Drought tolerance, increased watering restrictions, and low maintenance have all contributed to an increase in the popularity of synthetic turf for residential and commercial settings.  If your project calls for synthetic turf, make sure to review these top installation problems and solutions beforehand to avoid headaches and potential customer call-backs. 

   1.    Inconsistent turf grain
Like most materials manufactured from fibers, synthetic turf has a grain.  When the grain of sections doesn’t run in the same direction, the visual difference is noticeable. Like the way a pair of corduroy pants looks different once you touch the surface, all the fibers of synthetic turf should be running concurrently so the artificial nature of the product isn’t emphasized.

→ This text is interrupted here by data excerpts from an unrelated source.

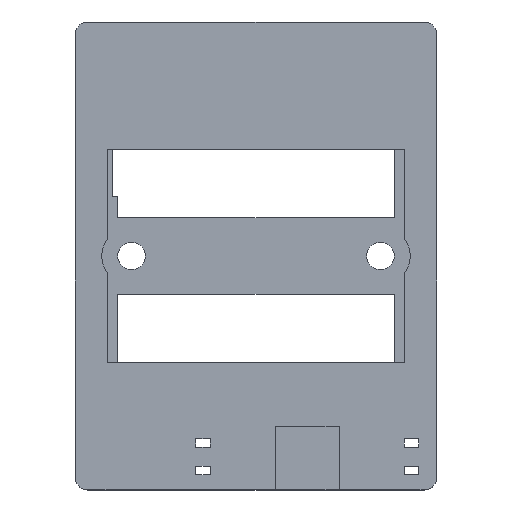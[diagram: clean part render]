
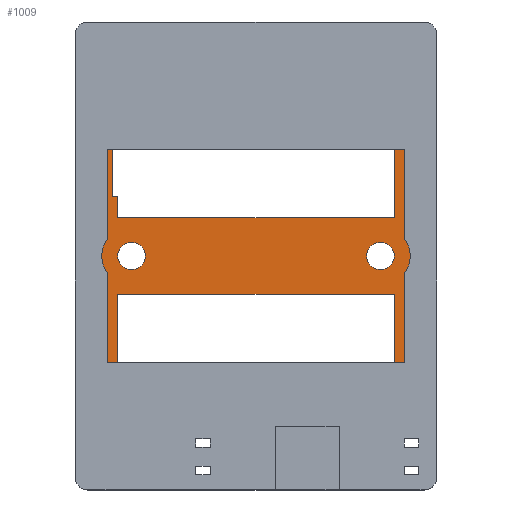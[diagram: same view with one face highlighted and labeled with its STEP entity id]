
A CAD part, top view. The second image highlights one B-rep face of the part: STEP entity #1009.
In plain terms, the highlighted planar face has unit normal (0, 0, 1).
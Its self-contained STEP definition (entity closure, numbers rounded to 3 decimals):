
#20=FACE_BOUND('',#143,.T.);
#21=FACE_BOUND('',#144,.T.);
#41=PLANE('',#1084);
#88=FACE_OUTER_BOUND('',#142,.T.);
#142=EDGE_LOOP('',(#796,#797,#798,#799,#800,#801,#802,#803,#804,#805,#806,
#807,#808,#809,#810,#811,#812,#813));
#143=EDGE_LOOP('',(#814));
#144=EDGE_LOOP('',(#815));
#224=LINE('',#1485,#352);
#228=LINE('',#1494,#356);
#230=LINE('',#1499,#358);
#234=LINE('',#1508,#362);
#244=LINE('',#1528,#372);
#245=LINE('',#1530,#373);
#246=LINE('',#1532,#374);
#247=LINE('',#1534,#375);
#248=LINE('',#1536,#376);
#249=LINE('',#1537,#377);
#250=LINE('',#1539,#378);
#251=LINE('',#1541,#379);
#252=LINE('',#1543,#380);
#253=LINE('',#1545,#381);
#254=LINE('',#1547,#382);
#255=LINE('',#1548,#383);
#352=VECTOR('',#1198,10.);
#356=VECTOR('',#1208,10.);
#358=VECTOR('',#1212,10.);
#362=VECTOR('',#1222,10.);
#372=VECTOR('',#1242,10.);
#373=VECTOR('',#1243,10.);
#374=VECTOR('',#1244,10.);
#375=VECTOR('',#1245,10.);
#376=VECTOR('',#1246,10.);
#377=VECTOR('',#1247,10.);
#378=VECTOR('',#1248,10.);
#379=VECTOR('',#1249,10.);
#380=VECTOR('',#1250,10.);
#381=VECTOR('',#1251,10.);
#382=VECTOR('',#1252,10.);
#383=VECTOR('',#1253,10.);
#450=CIRCLE('',#1074,7.);
#451=CIRCLE('',#1078,7.);
#452=CIRCLE('',#1085,3.25);
#453=CIRCLE('',#1086,3.25);
#500=VERTEX_POINT('',#1483);
#501=VERTEX_POINT('',#1484);
#502=VERTEX_POINT('',#1489);
#503=VERTEX_POINT('',#1493);
#504=VERTEX_POINT('',#1497);
#505=VERTEX_POINT('',#1498);
#506=VERTEX_POINT('',#1503);
#507=VERTEX_POINT('',#1507);
#512=VERTEX_POINT('',#1527);
#513=VERTEX_POINT('',#1529);
#514=VERTEX_POINT('',#1531);
#515=VERTEX_POINT('',#1533);
#516=VERTEX_POINT('',#1535);
#517=VERTEX_POINT('',#1538);
#518=VERTEX_POINT('',#1540);
#519=VERTEX_POINT('',#1542);
#520=VERTEX_POINT('',#1544);
#521=VERTEX_POINT('',#1546);
#522=VERTEX_POINT('',#1549);
#523=VERTEX_POINT('',#1551);
#602=EDGE_CURVE('',#500,#501,#224,.T.);
#605=EDGE_CURVE('',#501,#502,#450,.T.);
#607=EDGE_CURVE('',#502,#503,#228,.T.);
#609=EDGE_CURVE('',#504,#505,#230,.T.);
#612=EDGE_CURVE('',#505,#506,#451,.T.);
#614=EDGE_CURVE('',#506,#507,#234,.T.);
#624=EDGE_CURVE('',#512,#504,#244,.T.);
#625=EDGE_CURVE('',#507,#513,#245,.T.);
#626=EDGE_CURVE('',#513,#514,#246,.T.);
#627=EDGE_CURVE('',#514,#515,#247,.T.);
#628=EDGE_CURVE('',#515,#516,#248,.T.);
#629=EDGE_CURVE('',#516,#500,#249,.T.);
#630=EDGE_CURVE('',#503,#517,#250,.T.);
#631=EDGE_CURVE('',#517,#518,#251,.T.);
#632=EDGE_CURVE('',#518,#519,#252,.T.);
#633=EDGE_CURVE('',#519,#520,#253,.T.);
#634=EDGE_CURVE('',#520,#521,#254,.T.);
#635=EDGE_CURVE('',#521,#512,#255,.T.);
#636=EDGE_CURVE('',#522,#522,#452,.T.);
#637=EDGE_CURVE('',#523,#523,#453,.T.);
#796=ORIENTED_EDGE('',*,*,#624,.T.);
#797=ORIENTED_EDGE('',*,*,#609,.T.);
#798=ORIENTED_EDGE('',*,*,#612,.T.);
#799=ORIENTED_EDGE('',*,*,#614,.T.);
#800=ORIENTED_EDGE('',*,*,#625,.T.);
#801=ORIENTED_EDGE('',*,*,#626,.T.);
#802=ORIENTED_EDGE('',*,*,#627,.T.);
#803=ORIENTED_EDGE('',*,*,#628,.T.);
#804=ORIENTED_EDGE('',*,*,#629,.T.);
#805=ORIENTED_EDGE('',*,*,#602,.T.);
#806=ORIENTED_EDGE('',*,*,#605,.T.);
#807=ORIENTED_EDGE('',*,*,#607,.T.);
#808=ORIENTED_EDGE('',*,*,#630,.T.);
#809=ORIENTED_EDGE('',*,*,#631,.T.);
#810=ORIENTED_EDGE('',*,*,#632,.T.);
#811=ORIENTED_EDGE('',*,*,#633,.T.);
#812=ORIENTED_EDGE('',*,*,#634,.T.);
#813=ORIENTED_EDGE('',*,*,#635,.T.);
#814=ORIENTED_EDGE('',*,*,#636,.T.);
#815=ORIENTED_EDGE('',*,*,#637,.T.);
#1009=ADVANCED_FACE('',(#88,#20,#21),#41,.T.);
#1074=AXIS2_PLACEMENT_3D('',#1490,#1203,#1204);
#1078=AXIS2_PLACEMENT_3D('',#1504,#1217,#1218);
#1084=AXIS2_PLACEMENT_3D('',#1526,#1240,#1241);
#1085=AXIS2_PLACEMENT_3D('',#1550,#1254,#1255);
#1086=AXIS2_PLACEMENT_3D('',#1552,#1256,#1257);
#1198=DIRECTION('',(0.,1.,0.));
#1203=DIRECTION('center_axis',(0.,0.,1.));
#1204=DIRECTION('ref_axis',(1.,0.,0.));
#1208=DIRECTION('',(0.,1.,0.));
#1212=DIRECTION('',(0.,-1.,0.));
#1217=DIRECTION('center_axis',(0.,0.,1.));
#1218=DIRECTION('ref_axis',(1.,0.,0.));
#1222=DIRECTION('',(0.,-1.,0.));
#1240=DIRECTION('center_axis',(0.,0.,1.));
#1241=DIRECTION('ref_axis',(1.,0.,0.));
#1242=DIRECTION('',(-1.,0.,0.));
#1243=DIRECTION('',(1.,0.,0.));
#1244=DIRECTION('',(0.,1.,0.));
#1245=DIRECTION('',(1.,0.,0.));
#1246=DIRECTION('',(0.,-1.,0.));
#1247=DIRECTION('',(1.,0.,0.));
#1248=DIRECTION('',(-1.,0.,0.));
#1249=DIRECTION('',(0.,-1.,0.));
#1250=DIRECTION('',(-1.,0.,0.));
#1251=DIRECTION('',(0.,1.,0.));
#1252=DIRECTION('',(-1.,0.,0.));
#1253=DIRECTION('',(0.,1.,0.));
#1254=DIRECTION('center_axis',(0.,0.,-1.));
#1255=DIRECTION('ref_axis',(1.,0.,0.));
#1256=DIRECTION('center_axis',(0.,0.,-1.));
#1257=DIRECTION('ref_axis',(1.,0.,0.));
#1483=CARTESIAN_POINT('',(35.,-25.,0.));
#1484=CARTESIAN_POINT('',(35.,-3.992,0.));
#1485=CARTESIAN_POINT('',(35.,-1.996,0.));
#1489=CARTESIAN_POINT('',(35.,3.992,0.));
#1490=CARTESIAN_POINT('Origin',(29.25,0.,0.));
#1493=CARTESIAN_POINT('',(35.,25.,0.));
#1494=CARTESIAN_POINT('',(35.,12.5,0.));
#1497=CARTESIAN_POINT('',(-35.,25.,0.));
#1498=CARTESIAN_POINT('',(-35.,3.992,0.));
#1499=CARTESIAN_POINT('',(-35.,1.996,0.));
#1503=CARTESIAN_POINT('',(-35.,-3.992,0.));
#1504=CARTESIAN_POINT('Origin',(-29.25,0.,0.));
#1507=CARTESIAN_POINT('',(-35.,-25.,0.));
#1508=CARTESIAN_POINT('',(-35.,-12.5,0.));
#1526=CARTESIAN_POINT('Origin',(0.,0.,
0.));
#1527=CARTESIAN_POINT('',(-33.8,25.,0.));
#1528=CARTESIAN_POINT('',(-17.5,25.,0.));
#1529=CARTESIAN_POINT('',(-32.5,-25.,0.));
#1530=CARTESIAN_POINT('',(17.5,-25.,0.));
#1531=CARTESIAN_POINT('',(-32.5,-9.,0.));
#1532=CARTESIAN_POINT('',(-32.5,-25.,0.));
#1533=CARTESIAN_POINT('',(32.5,-9.,0.));
#1534=CARTESIAN_POINT('',(-32.5,-9.,0.));
#1535=CARTESIAN_POINT('',(32.5,-25.,0.));
#1536=CARTESIAN_POINT('',(32.5,-9.,0.));
#1537=CARTESIAN_POINT('',(17.5,-25.,0.));
#1538=CARTESIAN_POINT('',(32.5,25.,0.));
#1539=CARTESIAN_POINT('',(-17.5,25.,0.));
#1540=CARTESIAN_POINT('',(32.5,9.,0.));
#1541=CARTESIAN_POINT('',(32.5,25.,0.));
#1542=CARTESIAN_POINT('',(-32.5,9.,0.));
#1543=CARTESIAN_POINT('',(32.5,9.,0.));
#1544=CARTESIAN_POINT('',(-32.5,14.,0.));
#1545=CARTESIAN_POINT('',(-32.5,9.,0.));
#1546=CARTESIAN_POINT('',(-33.8,14.,0.));
#1547=CARTESIAN_POINT('',(-33.8,14.,0.));
#1548=CARTESIAN_POINT('',(-33.8,25.,0.));
#1549=CARTESIAN_POINT('',(26.,0.,0.));
#1550=CARTESIAN_POINT('Origin',(29.25,0.,0.));
#1551=CARTESIAN_POINT('',(-32.5,0.,0.));
#1552=CARTESIAN_POINT('Origin',(-29.25,0.,0.));
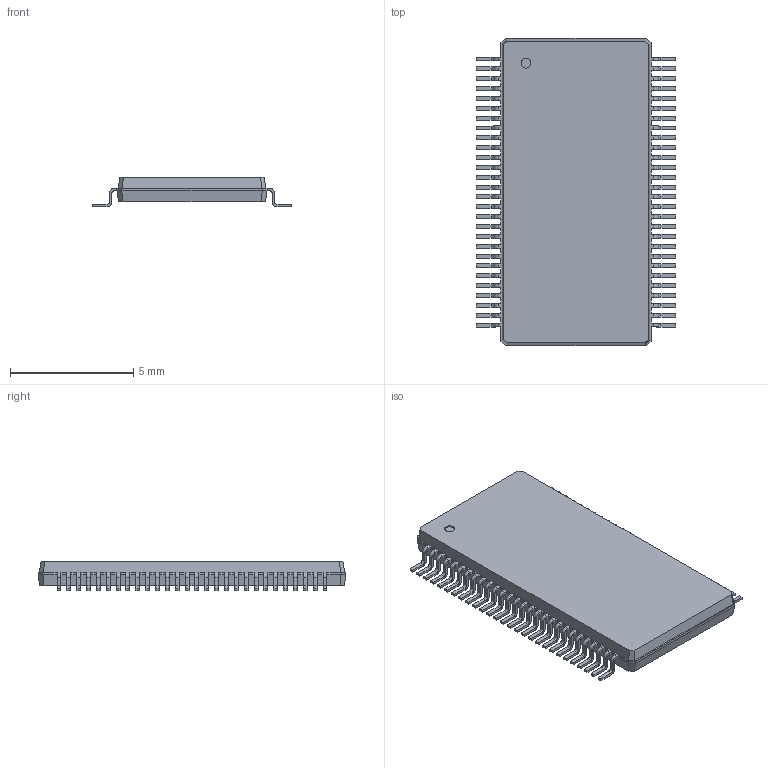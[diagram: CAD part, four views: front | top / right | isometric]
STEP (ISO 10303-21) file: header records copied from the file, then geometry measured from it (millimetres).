
FILE_DESCRIPTION(/* description */ ('model of TSSOP-56_6.1x12.5mm_P0.4mm'),/* implementation_level */ '2;1');
FILE_NAME(/* name */ 'TSSOP-56_6.1x12.5mm_P0.4mm.step',/* time_stamp */ '2020-02-14T17:21:05',/* author */ ('kicad StepUp','ksu'),/* organization */ ('FreeCAD'),/* preprocessor_version */ 'OCC',/* originating_system */ 'kicad StepUp',/* authorisation */ '');
FILE_SCHEMA(('AUTOMOTIVE_DESIGN { 1 0 10303 214 1 1 1 1 }'));
Length unit declared in the file: millimetre
Products named in the file (1): TSSOP_56_61x125mm_P04mm
Bounding box: 8.1 x 12.5 x 1.2 mm (x, y, z)
Volume: 75.5 mm3; surface area: 228.3 mm2
Topology: 1 solids, 1 shells, 876 faces, 2371 edges, 1498 vertices
Faces by surface type: plane 571, cylinder 225, bspline 80
Full cylindrical faces by diameter (mm): 0.4 x1
Entity records: 33175 total; most frequent: CARTESIAN_POINT 5018, ORIENTED_EDGE 4742, DIRECTION 4383, EDGE_CURVE 2371, LINE 1889, VECTOR 1889, VERTEX_POINT 1498, AXIS2_PLACEMENT_3D 1247

This fact is also important when ordering synthetic turf to ensure you order enough to cover the project area without having to tile pieces with differing grain directions. Depending on the shape and location of the area, it may be necessary to order more material to ensure coverage using a continuous run.

 
TIP:
Synthetic turf blades should face the primary viewing point (like a house) to reduce glare and maximize appearance from the most common perspective. 

      2.    Differing dye lots
Each lot of synthetic turf is individually dyed and can have variations in coloring from one run of yarn to the next.  While these variations are typically slight, it’s important that you order all the material you need for a project at one time so supplies all come from the same dye lot.

 
For projects where you’re installing synthetic turf next to existing synthetic turf have your supplier look up the manufacturers’ original dye lot number using your sales ticket or PO number for reference. This may allow you to source additional material from the same lot. 


TIP:  Order at least 10% more turf than you anticipate needing to complete a project.  The extra will allow customers to patch areas if needed and provide coverage for any miscuts during install. 

     3.    Too much reflective light
Most synthetic turf is made using polyethylene yarn which has a melting point of 248°F. When the sun’s rays bounce of reflective or metallic surfaces like windows, polished gutters, mirrors, or reflective panels onto turf the temperature can quickly rise and turf can misshapen or melt.

 
Many synthetic turf manufacturers exclude reflective light from warranties. Make sure to observe your customers’ surroundings before synthetic turf install and note the location of secondary reflective surfaces where this could be an issue.

 
TIP: Where potential issues are noted, the following steps should be considered:

 
   •    Install awnings, screens, or protective films on windows to minimize reflection onto turf. 
   •    For non-window reflective surfaces, consider applying non-reflective paint. 
   •    For areas where secondary reflection is unavoidable use nylon synthetic turf (manufactured using 100% nylon).  The melting point of nylon is around double that of polyethylene. 

    4.     Miscut Seams
Some manufacturers instruct installers to alternate the side of the seam they cut on to close rows (i.e., cutting close to the stitching on one side and cutting away from the stitching on the other.) It’s easy, however, to become confused about which side of the seam you should cut once you flip the turf side upward.  This can lead to overages or gaps between rows.

 
TIP: Cut directly between the rows of stitching for more consistent spacing.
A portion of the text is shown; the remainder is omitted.